I was into punk rock my whole life. I never listened to the Eagles. I never listened to things that were getting Grammys. So getting a Grammy nomination wasn't bad, it just wasn't meaningful.

I'm always surprised by how optimistic and open sometimes people who are very successful are.

There's kind of a limitless amount of things I want to do, and when the path seems to open, that's when I try to do a thing.

If I opened a record store, it wouldn't be all punk rock and esoterica.

I'm a DJ, and I live in Williamsburg, and I run an independent record company.

The more you are like me, the less interested in my band you are.

I understand that if someone's going to make me his idea of cool, I can't control that.

LCD is a band about a band writing music about writing music.

LCD live was set up to be an argument about what's wrong with bands and why bands should be better. I always thought that we were so obviously not a great band, comically not a great band. I was not a great front man.

I'm basically a schlub.

I have a thing about inane lyrics - the world doesn't need them.

I had friends who were jocks or whatever... Then, around 12 or 13, kids get cliquish and cruel, and that disgusted me. It seemed a reprehensible use of one's arbitrary social status. So I got really aggressive about it and became more of a weird kid.

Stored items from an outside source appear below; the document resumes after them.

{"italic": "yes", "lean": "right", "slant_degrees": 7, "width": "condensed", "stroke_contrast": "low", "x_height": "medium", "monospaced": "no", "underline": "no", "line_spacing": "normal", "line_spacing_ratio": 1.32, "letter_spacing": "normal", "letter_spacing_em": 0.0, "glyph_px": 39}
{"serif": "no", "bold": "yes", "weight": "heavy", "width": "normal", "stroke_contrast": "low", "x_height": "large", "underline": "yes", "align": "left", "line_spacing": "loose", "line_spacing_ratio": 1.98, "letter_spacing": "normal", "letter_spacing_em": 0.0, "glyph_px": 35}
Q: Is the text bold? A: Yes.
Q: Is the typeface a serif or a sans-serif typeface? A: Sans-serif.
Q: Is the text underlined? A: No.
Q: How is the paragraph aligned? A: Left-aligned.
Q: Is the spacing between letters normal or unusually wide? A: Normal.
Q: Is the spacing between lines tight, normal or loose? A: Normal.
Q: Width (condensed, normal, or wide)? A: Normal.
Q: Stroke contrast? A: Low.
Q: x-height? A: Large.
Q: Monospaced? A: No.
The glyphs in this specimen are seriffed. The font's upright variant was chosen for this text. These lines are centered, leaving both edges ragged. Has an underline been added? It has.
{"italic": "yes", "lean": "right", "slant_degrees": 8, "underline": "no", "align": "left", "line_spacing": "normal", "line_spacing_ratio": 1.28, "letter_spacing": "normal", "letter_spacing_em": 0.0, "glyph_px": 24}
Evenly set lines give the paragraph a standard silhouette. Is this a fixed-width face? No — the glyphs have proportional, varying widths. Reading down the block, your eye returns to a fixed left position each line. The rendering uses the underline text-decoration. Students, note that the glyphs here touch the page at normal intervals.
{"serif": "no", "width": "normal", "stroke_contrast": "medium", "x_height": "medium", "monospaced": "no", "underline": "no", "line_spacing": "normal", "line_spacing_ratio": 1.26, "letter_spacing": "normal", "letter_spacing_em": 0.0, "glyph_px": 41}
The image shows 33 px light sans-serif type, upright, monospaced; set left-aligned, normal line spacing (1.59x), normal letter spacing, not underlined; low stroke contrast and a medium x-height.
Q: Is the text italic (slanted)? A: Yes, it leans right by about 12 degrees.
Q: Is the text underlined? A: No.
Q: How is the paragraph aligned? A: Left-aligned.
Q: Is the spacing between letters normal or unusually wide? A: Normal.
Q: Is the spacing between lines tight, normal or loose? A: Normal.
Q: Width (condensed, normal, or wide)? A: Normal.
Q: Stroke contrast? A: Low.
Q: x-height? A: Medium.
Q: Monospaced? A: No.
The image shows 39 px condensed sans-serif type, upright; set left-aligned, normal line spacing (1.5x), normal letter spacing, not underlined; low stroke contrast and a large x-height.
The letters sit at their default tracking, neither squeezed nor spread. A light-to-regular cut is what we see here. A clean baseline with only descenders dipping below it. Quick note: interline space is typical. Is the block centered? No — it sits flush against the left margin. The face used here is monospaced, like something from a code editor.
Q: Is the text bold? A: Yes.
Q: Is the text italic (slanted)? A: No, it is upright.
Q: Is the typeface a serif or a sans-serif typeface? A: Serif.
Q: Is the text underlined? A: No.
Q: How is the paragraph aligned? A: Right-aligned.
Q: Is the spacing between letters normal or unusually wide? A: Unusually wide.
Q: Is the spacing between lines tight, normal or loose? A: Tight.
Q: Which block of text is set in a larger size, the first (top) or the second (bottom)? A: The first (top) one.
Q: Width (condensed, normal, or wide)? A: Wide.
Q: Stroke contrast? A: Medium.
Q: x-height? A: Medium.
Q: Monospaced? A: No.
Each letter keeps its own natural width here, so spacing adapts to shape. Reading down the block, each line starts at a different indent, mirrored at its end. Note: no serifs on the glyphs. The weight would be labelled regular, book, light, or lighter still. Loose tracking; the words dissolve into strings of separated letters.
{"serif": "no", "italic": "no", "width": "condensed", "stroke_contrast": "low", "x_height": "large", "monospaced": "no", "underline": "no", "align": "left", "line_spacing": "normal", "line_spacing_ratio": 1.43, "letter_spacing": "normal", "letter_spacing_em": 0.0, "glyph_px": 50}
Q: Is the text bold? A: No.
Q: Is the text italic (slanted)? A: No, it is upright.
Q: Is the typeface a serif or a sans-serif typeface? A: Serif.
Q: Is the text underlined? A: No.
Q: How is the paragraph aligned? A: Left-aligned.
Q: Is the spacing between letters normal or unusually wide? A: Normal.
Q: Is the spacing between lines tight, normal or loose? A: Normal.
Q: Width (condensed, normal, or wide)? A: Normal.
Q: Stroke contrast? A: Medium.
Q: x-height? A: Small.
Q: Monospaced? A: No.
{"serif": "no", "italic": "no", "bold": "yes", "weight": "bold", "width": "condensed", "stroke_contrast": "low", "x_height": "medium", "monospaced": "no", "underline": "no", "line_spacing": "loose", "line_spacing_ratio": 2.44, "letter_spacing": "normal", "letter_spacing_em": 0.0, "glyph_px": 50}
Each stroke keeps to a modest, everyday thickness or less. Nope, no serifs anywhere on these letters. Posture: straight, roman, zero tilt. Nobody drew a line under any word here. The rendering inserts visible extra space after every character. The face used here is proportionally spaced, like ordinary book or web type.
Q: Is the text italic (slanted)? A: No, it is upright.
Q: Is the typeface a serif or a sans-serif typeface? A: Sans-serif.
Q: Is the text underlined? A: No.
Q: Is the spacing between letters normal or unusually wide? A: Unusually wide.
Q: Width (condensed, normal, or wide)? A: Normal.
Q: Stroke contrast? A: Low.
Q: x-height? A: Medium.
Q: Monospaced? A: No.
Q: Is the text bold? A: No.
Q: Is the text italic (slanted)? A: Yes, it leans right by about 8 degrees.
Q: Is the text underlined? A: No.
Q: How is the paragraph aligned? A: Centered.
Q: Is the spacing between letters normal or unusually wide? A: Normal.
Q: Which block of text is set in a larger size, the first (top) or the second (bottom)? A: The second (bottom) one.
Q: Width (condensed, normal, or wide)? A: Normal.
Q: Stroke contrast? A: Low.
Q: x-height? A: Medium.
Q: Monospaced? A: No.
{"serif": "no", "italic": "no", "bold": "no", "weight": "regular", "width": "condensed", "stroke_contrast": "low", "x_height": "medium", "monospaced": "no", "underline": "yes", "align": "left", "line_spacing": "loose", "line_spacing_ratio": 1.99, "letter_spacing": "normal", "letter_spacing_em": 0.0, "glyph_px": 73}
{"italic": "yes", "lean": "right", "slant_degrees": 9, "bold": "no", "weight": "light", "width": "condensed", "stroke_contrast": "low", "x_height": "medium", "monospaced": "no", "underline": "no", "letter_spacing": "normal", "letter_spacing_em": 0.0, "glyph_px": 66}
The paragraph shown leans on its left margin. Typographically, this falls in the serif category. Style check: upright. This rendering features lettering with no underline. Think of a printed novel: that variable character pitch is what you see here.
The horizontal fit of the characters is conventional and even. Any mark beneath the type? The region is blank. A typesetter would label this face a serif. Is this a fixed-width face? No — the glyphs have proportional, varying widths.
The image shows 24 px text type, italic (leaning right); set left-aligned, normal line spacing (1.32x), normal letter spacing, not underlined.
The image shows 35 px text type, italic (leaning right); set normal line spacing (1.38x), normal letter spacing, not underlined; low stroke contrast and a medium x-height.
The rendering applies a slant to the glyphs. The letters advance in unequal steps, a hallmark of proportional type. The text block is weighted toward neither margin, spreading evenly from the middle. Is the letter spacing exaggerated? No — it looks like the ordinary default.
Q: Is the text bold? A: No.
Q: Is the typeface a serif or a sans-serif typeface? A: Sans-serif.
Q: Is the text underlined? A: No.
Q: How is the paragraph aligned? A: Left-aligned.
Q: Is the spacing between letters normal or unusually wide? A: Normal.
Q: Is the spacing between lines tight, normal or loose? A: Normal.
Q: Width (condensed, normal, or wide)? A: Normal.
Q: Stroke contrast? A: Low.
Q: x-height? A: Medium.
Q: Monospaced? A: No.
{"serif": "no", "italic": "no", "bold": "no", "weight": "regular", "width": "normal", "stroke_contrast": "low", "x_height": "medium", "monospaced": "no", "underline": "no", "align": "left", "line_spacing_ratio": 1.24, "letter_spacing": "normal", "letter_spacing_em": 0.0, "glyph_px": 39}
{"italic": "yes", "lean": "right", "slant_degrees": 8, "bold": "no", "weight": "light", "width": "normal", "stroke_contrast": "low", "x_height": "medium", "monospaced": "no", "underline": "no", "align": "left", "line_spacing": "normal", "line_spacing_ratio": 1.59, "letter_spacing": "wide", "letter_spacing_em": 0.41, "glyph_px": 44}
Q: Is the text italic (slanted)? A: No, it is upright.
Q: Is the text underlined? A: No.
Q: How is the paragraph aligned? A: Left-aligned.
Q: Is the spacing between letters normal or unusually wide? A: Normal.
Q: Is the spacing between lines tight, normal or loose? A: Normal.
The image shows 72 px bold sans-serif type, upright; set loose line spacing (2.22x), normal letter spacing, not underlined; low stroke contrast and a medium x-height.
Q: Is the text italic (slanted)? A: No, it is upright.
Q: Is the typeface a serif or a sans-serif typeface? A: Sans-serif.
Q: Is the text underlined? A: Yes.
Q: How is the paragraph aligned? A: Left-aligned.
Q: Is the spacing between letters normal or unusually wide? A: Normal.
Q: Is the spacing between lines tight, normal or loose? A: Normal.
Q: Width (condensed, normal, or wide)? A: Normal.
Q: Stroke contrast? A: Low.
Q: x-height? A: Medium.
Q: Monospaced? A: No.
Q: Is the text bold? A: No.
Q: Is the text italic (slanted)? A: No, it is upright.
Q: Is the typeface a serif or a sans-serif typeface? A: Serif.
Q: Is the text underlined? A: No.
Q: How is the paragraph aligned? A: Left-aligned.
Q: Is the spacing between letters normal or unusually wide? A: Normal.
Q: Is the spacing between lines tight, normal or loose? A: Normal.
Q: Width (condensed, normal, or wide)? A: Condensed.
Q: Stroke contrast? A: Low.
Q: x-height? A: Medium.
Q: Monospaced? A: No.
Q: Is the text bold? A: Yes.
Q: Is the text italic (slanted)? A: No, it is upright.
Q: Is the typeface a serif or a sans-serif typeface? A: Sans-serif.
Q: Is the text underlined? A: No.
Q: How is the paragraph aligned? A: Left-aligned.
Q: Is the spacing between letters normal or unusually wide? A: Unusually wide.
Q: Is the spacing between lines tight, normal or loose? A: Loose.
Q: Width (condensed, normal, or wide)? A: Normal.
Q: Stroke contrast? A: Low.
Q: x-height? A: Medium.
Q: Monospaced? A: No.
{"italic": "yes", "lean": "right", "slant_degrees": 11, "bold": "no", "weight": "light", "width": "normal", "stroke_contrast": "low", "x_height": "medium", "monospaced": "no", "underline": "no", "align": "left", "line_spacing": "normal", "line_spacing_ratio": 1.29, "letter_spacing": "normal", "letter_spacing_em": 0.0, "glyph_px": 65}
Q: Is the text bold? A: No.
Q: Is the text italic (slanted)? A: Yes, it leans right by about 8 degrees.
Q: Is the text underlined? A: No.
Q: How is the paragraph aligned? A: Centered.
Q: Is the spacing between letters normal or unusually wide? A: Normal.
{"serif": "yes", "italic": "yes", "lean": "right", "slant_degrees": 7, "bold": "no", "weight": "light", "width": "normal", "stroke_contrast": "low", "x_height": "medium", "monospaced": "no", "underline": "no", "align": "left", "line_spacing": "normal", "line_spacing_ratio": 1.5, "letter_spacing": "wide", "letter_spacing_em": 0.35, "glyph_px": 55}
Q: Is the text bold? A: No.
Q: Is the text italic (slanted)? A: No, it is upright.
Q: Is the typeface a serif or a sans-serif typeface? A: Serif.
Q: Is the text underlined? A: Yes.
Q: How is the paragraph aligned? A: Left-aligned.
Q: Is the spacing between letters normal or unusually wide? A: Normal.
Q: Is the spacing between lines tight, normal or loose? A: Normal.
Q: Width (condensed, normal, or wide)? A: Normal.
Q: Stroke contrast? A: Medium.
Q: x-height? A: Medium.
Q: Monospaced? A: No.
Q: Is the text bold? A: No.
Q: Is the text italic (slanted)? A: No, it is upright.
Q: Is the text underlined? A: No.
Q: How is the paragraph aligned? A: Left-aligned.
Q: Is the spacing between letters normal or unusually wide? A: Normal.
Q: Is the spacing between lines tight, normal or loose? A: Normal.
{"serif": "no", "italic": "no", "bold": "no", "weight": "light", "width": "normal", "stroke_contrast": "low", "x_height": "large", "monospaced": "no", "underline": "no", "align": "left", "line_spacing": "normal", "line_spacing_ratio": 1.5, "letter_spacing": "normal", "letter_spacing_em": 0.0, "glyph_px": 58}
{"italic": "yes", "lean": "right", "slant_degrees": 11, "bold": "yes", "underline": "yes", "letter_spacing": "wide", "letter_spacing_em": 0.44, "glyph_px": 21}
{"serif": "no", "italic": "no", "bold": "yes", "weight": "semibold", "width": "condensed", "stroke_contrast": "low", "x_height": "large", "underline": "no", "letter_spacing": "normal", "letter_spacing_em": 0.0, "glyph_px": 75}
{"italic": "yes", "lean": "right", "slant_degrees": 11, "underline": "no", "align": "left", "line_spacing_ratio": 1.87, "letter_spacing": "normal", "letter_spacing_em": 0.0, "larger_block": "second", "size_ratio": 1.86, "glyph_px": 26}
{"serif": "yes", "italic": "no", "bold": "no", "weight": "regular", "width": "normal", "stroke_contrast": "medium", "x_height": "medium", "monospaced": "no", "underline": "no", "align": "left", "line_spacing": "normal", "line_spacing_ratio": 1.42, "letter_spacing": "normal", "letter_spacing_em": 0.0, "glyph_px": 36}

I've always been a good imitator. I love music. But I'm just not that original.

If there was a direct influence on a song, I never hid it.

Making people dance has another function that has nothing to do with art, and I mean that in the most positive way possible. It's like food - if you're not eating it, you're doing something wrong. If they're not dancing, something is wrong.

When I do a remix, I try to think about what I don't have in my bag and create something to fill that gap.

One of the things that I think is special about DJing is creating this atmosphere of collectiveness, as if to say, 'We're all in this together.'

For most of my life, making music has cost me money. So I learned to live very, very cheaply.

I don't write off silly pop people at all, because you never know where they're coming from.

I like clever lyrics, funny lyrics, dumb lyrics. I can never put my finger on what I like about them.

I'm generally a very optimistic guy.

One of my favorite photographers is Ruvan Wijesooriya, who takes most of the LCD photos. His work is incredibly colloquial and raw.

I don't see myself as necessarily a very creative person. I'm a technical guy.

I have an interest in everything, but I don't have an interest in starting new careers.

You can buy $20,000 speakers, but put them in a room that's not right, and it sounds terrible. If you buy $20 speakers and put them in a room that's tuned right, it'll sound great.

I suppose what happened is that I spent my whole life wanting to be cool but eventually came to recognise the mechanism of how coolness works. So it's not really that I don't want to be cool anymore - it's more like I've come to realise that coolness doesn't exist the way I once assumed.

There are some people who are just plain great at making music. That's not who I am.

I actually want to write a treatise in defence of pretension. I think the word 'pretension' has become like the word 'ironic' - just this catch-all term to distance people from interesting experiences and cultural engagement and possible embarrassment.

You can't be afraid to embarrass yourself sometimes.

Producing is always really hard, and you can never tell who's going to be easy to get along with and who's going to be difficult.

Ad Rock from the Beastie Boys gave me a present: it's a boombox with a keyboard and a beatbox in it. You can't make that up.

When I was a kid, when the Walkman came out, I was sold. I listened to music 24 hours a day.

Sound sounds are terrible in the city, but it's great to listen and to walk and listen to people talk to each other. There are birds. You hear spring. I like listening to the city.

I'm a very self-conscious person.

I actually really love people.

I write songs all the time. Sometimes they're just weird songs I sing while changing a baby, or songs about annoying things that I sing to myself, or to friends while sitting at a bar, or about Christmas or New York.

It's strangely energizing to have people who don't make music themselves take potshots at you from the Internet.

I am kind of, by definition, a hipster.